青年僧と叡山の老爺

若山牧水




 一週間か十日ほどの予定で出かけた旅行から丁度十七日目に帰って来た。そうして直ぐ毎月自分の出している歌の雑誌の編輯、他の二三雑誌の新年号への原稿書き、溜りに溜っている数種新聞投書歌の選評、そうした為事しごとにとりかからねばならなかった。昼だけで足らず、夜も毎晩半徹夜の忙しさが続いた。それに永く留守したあとのことで、訪問客は多し、やむなく玄関に面会御猶予の貼紙をする騒ぎであった。
 ある日の正午すぎ、足に怪我をして学校を休んでいる長男とその妹の六つになるのとがどやどやと私の書斎にやって来た。来る事をも禁じてある際なので私は険しい顔をして二人を見た。
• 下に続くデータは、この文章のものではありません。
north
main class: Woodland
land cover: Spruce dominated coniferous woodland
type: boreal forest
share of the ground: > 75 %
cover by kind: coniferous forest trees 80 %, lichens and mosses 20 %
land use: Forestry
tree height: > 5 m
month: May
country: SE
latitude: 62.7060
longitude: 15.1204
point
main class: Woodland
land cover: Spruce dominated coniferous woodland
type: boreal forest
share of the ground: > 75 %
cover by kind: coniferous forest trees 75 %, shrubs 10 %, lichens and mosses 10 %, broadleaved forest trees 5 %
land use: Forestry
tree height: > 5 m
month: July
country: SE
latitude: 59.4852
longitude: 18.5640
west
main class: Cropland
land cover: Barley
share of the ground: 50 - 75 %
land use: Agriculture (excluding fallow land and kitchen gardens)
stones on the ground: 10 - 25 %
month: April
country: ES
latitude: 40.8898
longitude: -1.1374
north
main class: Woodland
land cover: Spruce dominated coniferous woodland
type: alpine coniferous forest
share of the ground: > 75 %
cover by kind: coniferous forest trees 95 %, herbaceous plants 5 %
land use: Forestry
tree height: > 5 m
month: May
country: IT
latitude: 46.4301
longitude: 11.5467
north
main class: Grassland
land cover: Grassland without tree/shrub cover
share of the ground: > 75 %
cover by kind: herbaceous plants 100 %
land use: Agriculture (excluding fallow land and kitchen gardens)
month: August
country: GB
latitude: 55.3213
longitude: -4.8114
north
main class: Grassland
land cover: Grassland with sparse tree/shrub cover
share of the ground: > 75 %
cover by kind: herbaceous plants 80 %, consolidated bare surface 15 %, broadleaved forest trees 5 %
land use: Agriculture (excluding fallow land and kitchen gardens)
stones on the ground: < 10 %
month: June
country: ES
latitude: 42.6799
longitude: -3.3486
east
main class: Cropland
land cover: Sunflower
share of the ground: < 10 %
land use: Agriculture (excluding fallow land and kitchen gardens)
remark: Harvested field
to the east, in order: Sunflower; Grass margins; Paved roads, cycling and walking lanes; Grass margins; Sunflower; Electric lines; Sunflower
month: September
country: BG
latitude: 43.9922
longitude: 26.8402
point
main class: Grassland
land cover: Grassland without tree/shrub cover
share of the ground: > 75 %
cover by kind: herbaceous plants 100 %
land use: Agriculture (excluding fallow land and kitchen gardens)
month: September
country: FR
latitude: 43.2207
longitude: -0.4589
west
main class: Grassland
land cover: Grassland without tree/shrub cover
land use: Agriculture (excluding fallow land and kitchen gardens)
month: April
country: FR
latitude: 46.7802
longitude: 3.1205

「だってお玄関に誰もいないんだもの、……お客さんが来たよ、坊さんだよ、是非先生にお目にかかりたいって。」
 坊さんというのが子供たちには興味を惹いたらしい。物貰いかなんどのきたない僧服の老人を想像しながら私は玄関に出て行った、一言で断ってやろう積りで。
 若い、上品な僧侶が其処に立っていた。あてが外れたが、それでもこちらも立ったまま、
「どういう御用ですか。」
 と問うた。
 返事はよく聞き取れなかった。やりかけていた為事しごとに充分気を腐らしていた矢先なので、
「え?」
 と、やや声高に私は問い返した。
 今度もよくは分らなかったが、とにかく一身上の事で是非お願いしたい事があって京都からやって来た、という事だけは分った。見ればその額には汗がしっとりと浸み出ている。これだけ言うのも一生懸命だという風である。何となく私は自分の今迄の態度を恥じながら初めて平常の声になって、
「どうぞお上り下さい。」
 と座敷に招じた。
 京都に在る禅宗某派の学院の生徒で、郷里は中国の、相当の寺の息子であるらしかった。幼い時から寺が嫌いで、大きくなるに従っていよいよその形式一方偽礼ぎれい一点張でやってゆく僧侶生活が眼に余って来た。学校とてもそれで、父に反対しかねて今まで四年間ようやく我慢をして来たものの、もうどうしても耐えかねて昨夜学院の寄宿舎を抜けて来た。どうかこれから自分自身の自由な生活が営みい。それには生来の好きである文学で身を立て度く、中にも歌は子供の時分から何彼と親しんでいたもので、これを機として精一杯の勉強がしてみたい。誠に突然であるけれど私を此処に置いて、庭の掃除でもさせて呉れ、というのであった。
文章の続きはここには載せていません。